第2章 防衛隊選別試験
副隊長の目がまた見開き、だんだん険しくなっていく。
「僕はお前の彼氏ちゃうねんで。」
口元は笑っているが、閉じられていてもわかる程笑っていない目に、若干の青筋……怒らせた…。
もう完全に気付きました。夢じゃないことに。
夢だと思って調子乗りすぎた。終わった…色々終わった…。
勢いよく起き上がって咳き込みながら床に正座をし、おでこを床に叩きつけた。
「すみませんでしたっ!!夢だと思って調子乗りました!すみません!!…はっ、はっ、ふっうっ…。」
目の前にある床を見つめながら、胸が痛くなる程の苦しさになんとか耐える為、呼吸をしようとする。
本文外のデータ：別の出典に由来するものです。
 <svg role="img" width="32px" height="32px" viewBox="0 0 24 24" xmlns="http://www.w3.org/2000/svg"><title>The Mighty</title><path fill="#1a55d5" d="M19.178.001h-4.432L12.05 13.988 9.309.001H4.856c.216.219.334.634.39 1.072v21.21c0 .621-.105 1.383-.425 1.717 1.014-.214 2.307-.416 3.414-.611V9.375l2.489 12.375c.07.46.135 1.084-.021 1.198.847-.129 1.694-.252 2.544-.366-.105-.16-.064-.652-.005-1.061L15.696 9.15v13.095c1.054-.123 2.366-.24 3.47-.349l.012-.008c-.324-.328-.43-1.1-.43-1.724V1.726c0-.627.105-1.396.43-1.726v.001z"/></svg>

「すまんすまん。そこまで怒ってへんから、そんな急に動かんとき。肺潰れとったんやで?」
肺が潰れ…?
副隊長を筆頭に医療班の人たちが私をベッドに戻す為に、ゆっくりと私の身体を抱える。
夢じゃなかったのなら、私好きなんて言ってないよね?と、薄れゆく意識の中考えていた。
そのまま落ちていく意識の中に身を任せようとしたが、副隊長がここにいる意味を考えて、推測がついたからなんとか意識を手放すのを耐える。
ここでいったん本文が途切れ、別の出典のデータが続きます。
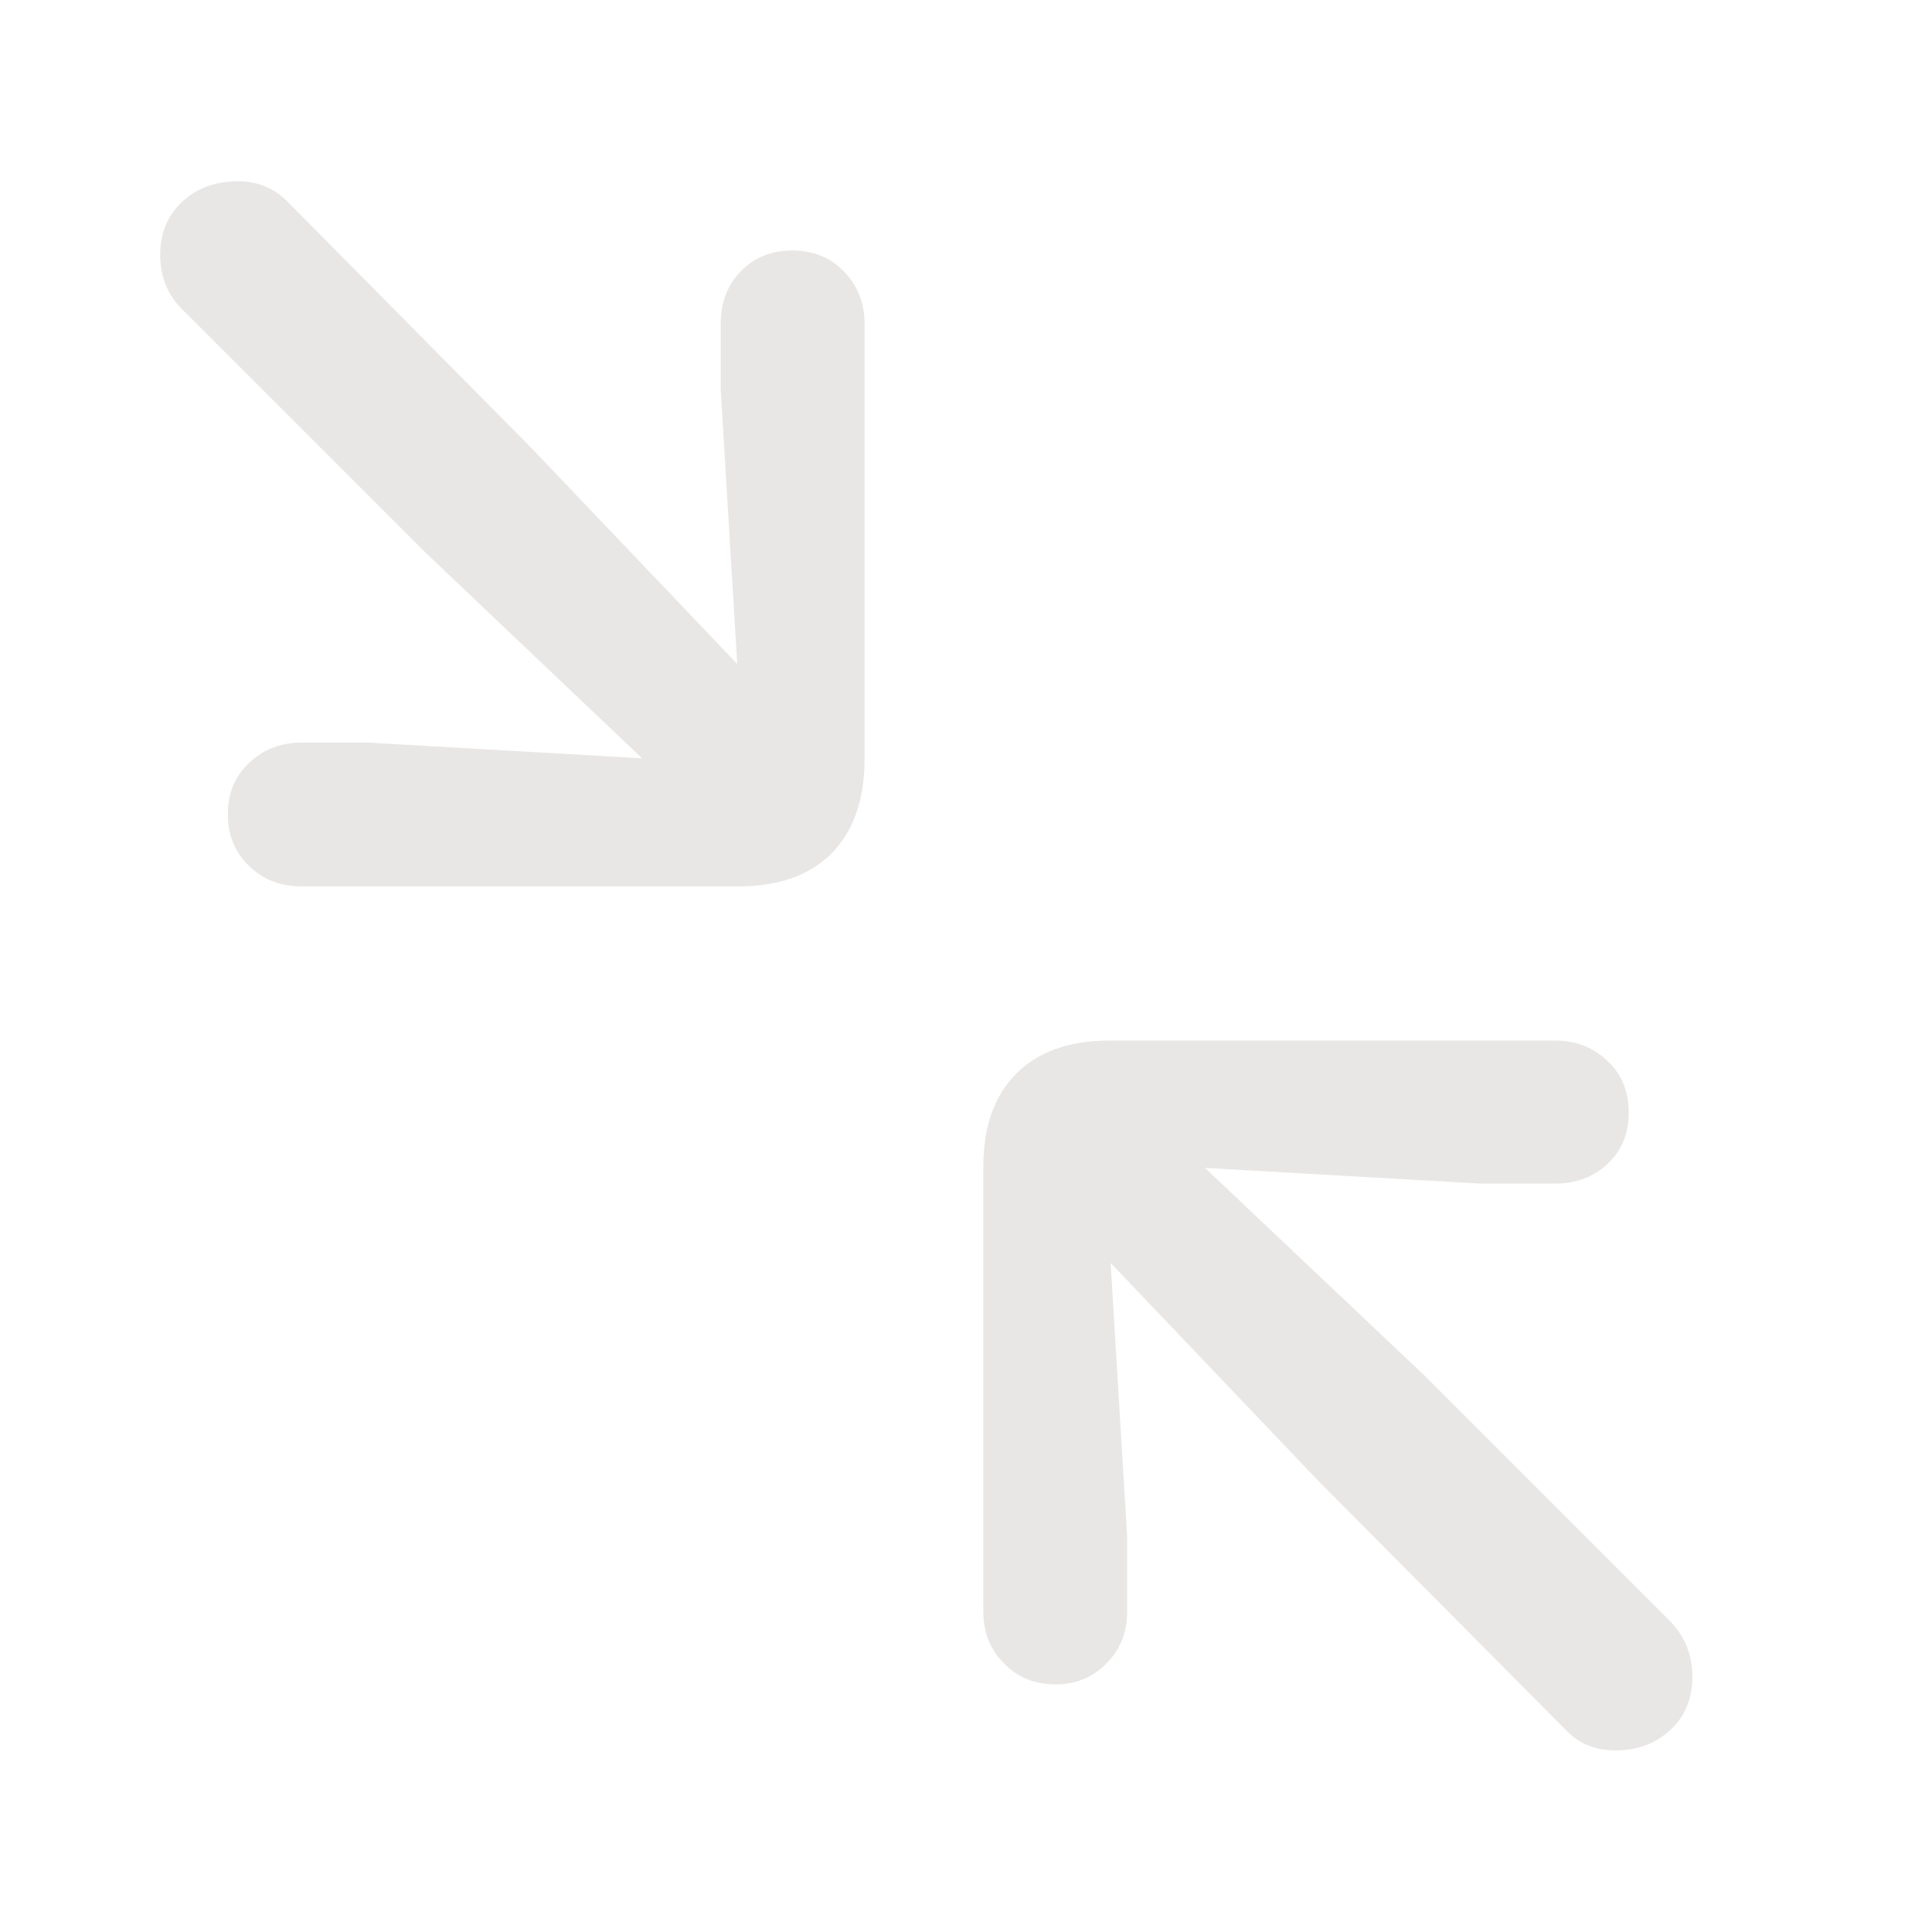 <?xml version="1.0" encoding="UTF-8"?> <svg xmlns="http://www.w3.org/2000/svg" width="48" height="48" viewBox="0 0 48 48" fill="none"> <path d="M7.496 22.023C6.975 22.023 6.539 21.854 6.188 21.516C5.836 21.177 5.66 20.747 5.66 20.227C5.66 19.706 5.836 19.283 6.188 18.957C6.539 18.619 6.975 18.449 7.496 18.449H9.137L15.953 18.84L10.543 13.703L4.527 7.688C4.345 7.505 4.208 7.303 4.117 7.082C4.026 6.848 3.98 6.6 3.98 6.34C3.98 5.793 4.163 5.35 4.527 5.012C4.892 4.673 5.354 4.504 5.914 4.504C6.409 4.504 6.826 4.68 7.164 5.031L13.16 11.086L18.316 16.496L17.906 9.68V8.039C17.906 7.518 18.069 7.089 18.395 6.75C18.733 6.398 19.163 6.223 19.684 6.223C20.204 6.223 20.634 6.398 20.973 6.75C21.311 7.102 21.48 7.531 21.48 8.039V18.859C21.48 19.862 21.207 20.643 20.66 21.203C20.113 21.75 19.338 22.023 18.336 22.023H7.496ZM26.227 41.848C25.706 41.848 25.276 41.672 24.938 41.32C24.599 40.982 24.43 40.552 24.43 40.031V28.996C24.43 27.994 24.703 27.219 25.25 26.672C25.797 26.125 26.572 25.852 27.574 25.852H38.629C39.15 25.852 39.586 26.021 39.938 26.359C40.289 26.685 40.465 27.115 40.465 27.648C40.465 28.169 40.289 28.592 39.938 28.918C39.586 29.244 39.15 29.406 38.629 29.406H36.773L29.938 29.016L35.367 34.152L41.52 40.305C41.689 40.487 41.819 40.689 41.91 40.91C42.001 41.145 42.047 41.392 42.047 41.652C42.047 42.199 41.865 42.642 41.5 42.98C41.135 43.319 40.68 43.488 40.133 43.488C39.625 43.488 39.208 43.312 38.883 42.961L32.75 36.789L27.594 31.379L28.004 38.176V40.031C28.004 40.552 27.835 40.982 27.496 41.32C27.158 41.672 26.734 41.848 26.227 41.848Z" fill="#E9E7E6"></path> </svg>

ベッドに戻してもらった身体に酸素が行き渡るようにゆっくりと息をする。
幾分が楽になった頃、彼に尋ねてみた。
「演習場でのことですよね?」
副隊長がその言葉に頷いたので、あの時の、私が意識を手放すまでのことを話した。
話し終わると、副隊長はあっさりと病室を後にしてしまった。
当たり前か。
あの夢のようで夢じゃなかった時のことが気になり、近くにいた女性の医療班の人に聞いてみると、私はずっと泣きながら副隊長のことを呼んでいたので、落ち着かせる為に彼があのような対応をとったのだ言った。
副隊長としか言ってなかったようなので安心した…のだが、彼を困らせてしまったに違いない。
あとでまたちゃんと謝罪しよう。